Era adaptasi kebiasaan baru juga membuat pengusaha lebih mempromosikan jualannya lewat digital marketing daripada di toko konvensional. Dunia maya jadi tempat untuk jualan yang bagus, karena pangsa pasarnya lebih luas, bahkan mencakup seluruh dunia. Selain itu, pembeli lebih suka belanja online karena praktis dan tidak usah capek belanja ke toko.
Pemerintah juga berusaha agar pengusaha UMKM lebih melek teknologi agar beradaptasi dengan kebiasaan baru masyarakat yang suka online shopping. Ada program ‘Bangga Buatan Indonesia’ agar ribuan pengusaha UMKM disatukan dalam platform marketplace. Mereka juga diajari bagaimana seni berjualan di internet untuk mendapat keuntungan yang tinggi.

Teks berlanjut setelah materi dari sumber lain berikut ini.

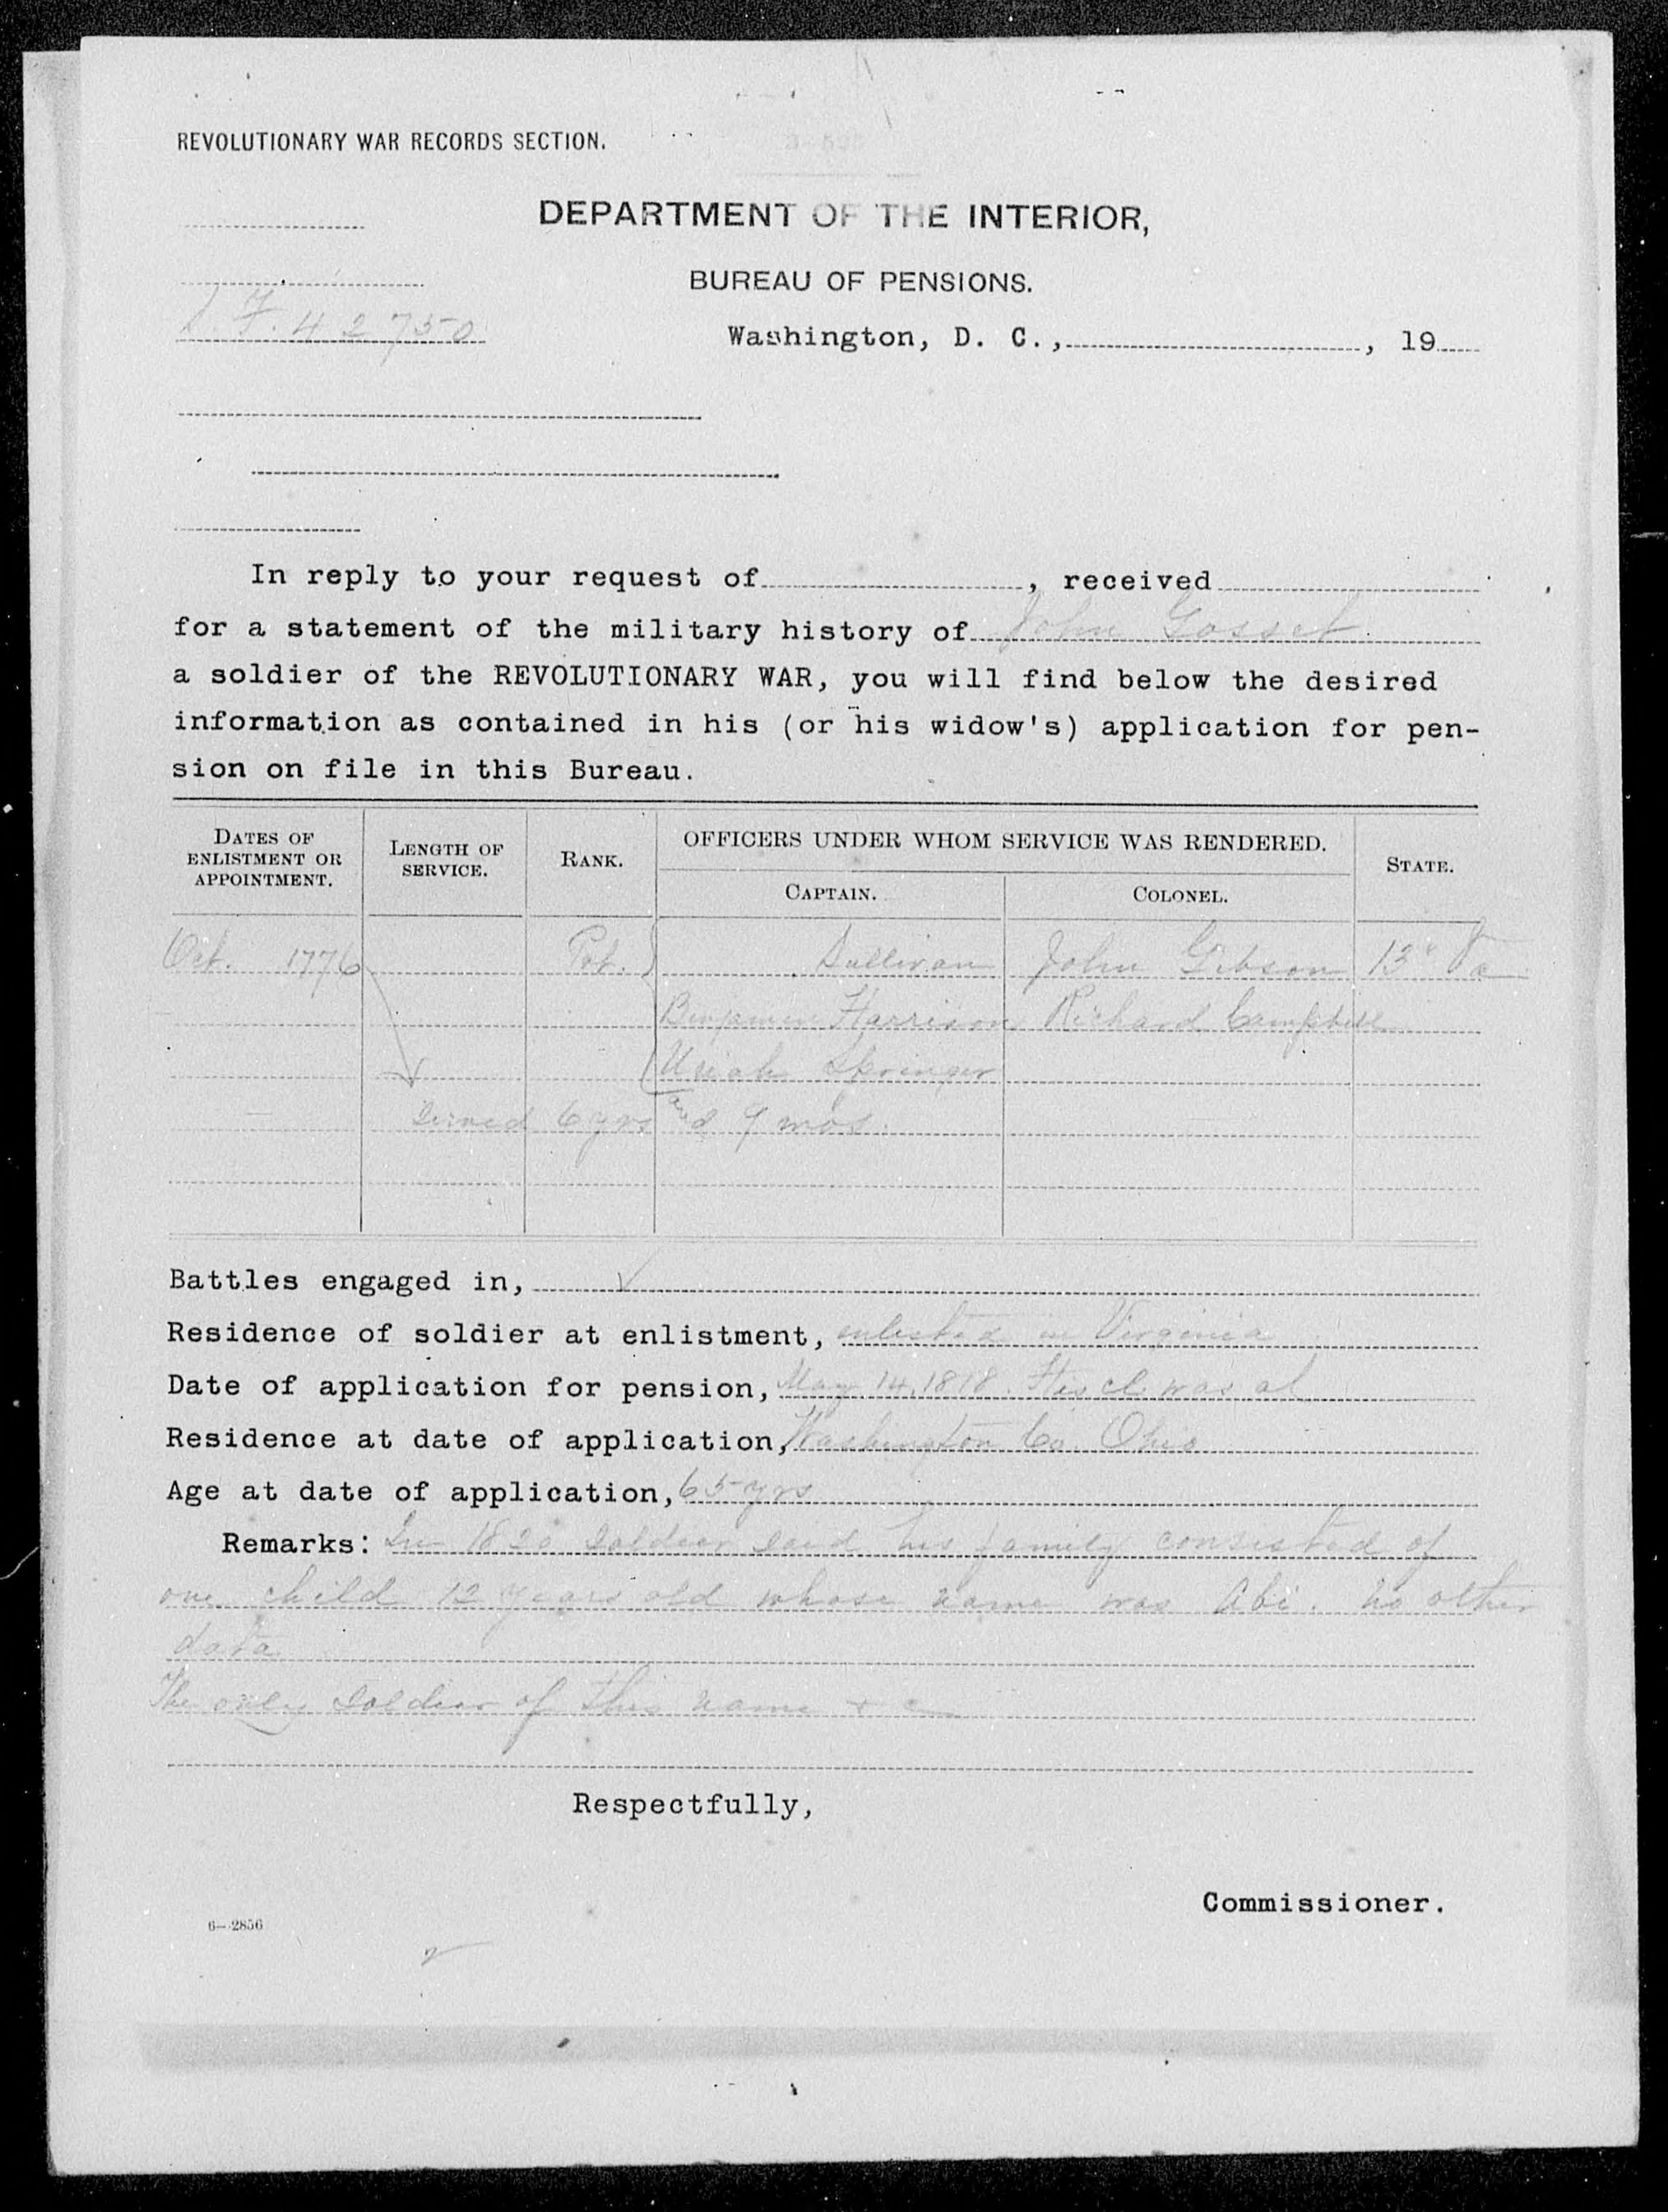REVOLUTIONARY WAR RECORDS SECTION.
[letterhead]
DEPARTMENT OF THE INTERIOR,
BUREAU OF PENSIONS
Washington, D. C., ..., 19...
S. 7.42450
___
In reply to your request of___, received___ for a statement of the military history of John Gosset a soldier of the REVOLUTIONARY WAR, you will find below the desired information as contained in his (or his widow's) application for pension on file in this Bureau.
[list]
DATES OF ENLISTMENT OR APPOINTMENT.
Oct. 1776 |
LENGTH OF SERVICE. 
Served 6 yrs and 9 mos .|
RANK. 
Pvt. |
OFFICERS UNDER WHOM SERVICE WAS RENDERED.
CAPTAIN.
Sullivan
Benjamin Harrison
Uriah Springer |
COLONEL.
John Gibson
Richard Campbell |
STATE.
13th Va
[end list]
Battles engaged in, [check mark]
Residence of soldier at enlistment, enlisted in Virginia
Date of application for pension, May 14 1818. His cl was at
Residence at date of application, Washington Co Ohio
Age at date of application, 65 yrs
Remarks: In 1820 Soldier said his family consisted of one child 12 years old whose name was Abi. his no other data
The only soldier of this name & c
Respectfully, [blank]
Commissioner.

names: Sullivan, Benjamin Harrison, Abi, Richard Campbell, John Gibson, Uriah Springer, John Gosset
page: 10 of 21
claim: survivor's
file: S. 42,750, John Gosset, Va.

Jason Gozali, CEO Investor Muda, mengaku senang dengan program ‘Bangga Buatan Indonesia’ yang menggandengnya. Ia mengatakan bahwa di era adaptasi kebiasaan baru, promosi tidak boleh konvensional. Jadi promosi di dunia maya harus unconventional agar menarik minat banyak calon pembeli.
Program ‘Bangga Buatan Indonesia’ juga sangat baik karena kenyataannya tak semua pengusaha UMKM sudah melek internet. Jika punya akun sosial media, maka hanya digunakan untuk kepentingan pribadi, bukan berjualan. Padahal dunia maya adalah tempat yang baik untuk berpromosi dan budget-nya tidak sebanyak iklan di media cetak.
Pebisnis Nadhifa Maulidya mengaku bahwa di era adaptasi kebiasaan baru ia sangat diuntungkan dengan akses internet. Mulai dari belanja bahan baku, beriklan, sampai mengirim pesanan ke pembeli, bisa dilakukan hanya dengan gadget. Sehingga ia tak perlu keluar rumah dan tetap aman dari Corona.
Di era adaptasi kebiasaan baru, maka kita memang harus kreatif dalam meningkatkan ketahanan ekonomi. Ketika bisnis sempat lesu, maka bisa dibangkitkan kembali dengan promosi online. Pemasarannya juga bervariasi, dengan sosial media, marketplace, status WA, dan lain-lain. Jadi pembelinya jauh lebih banyak daripada berjualan di toko biasa.
Untuk membangkitkan sektor ekonomi di era adaptasi kebiasaan baru, maka harus mau bekerja keras agar omzet kembali meroket. Selain beriklan di dunia maya, juga harus membuat promosi yang unik agar membuat pembeli terkesan. Semoga adaptasi kebiasaan baru sektor perekonomian Indonesia bisa meningkat.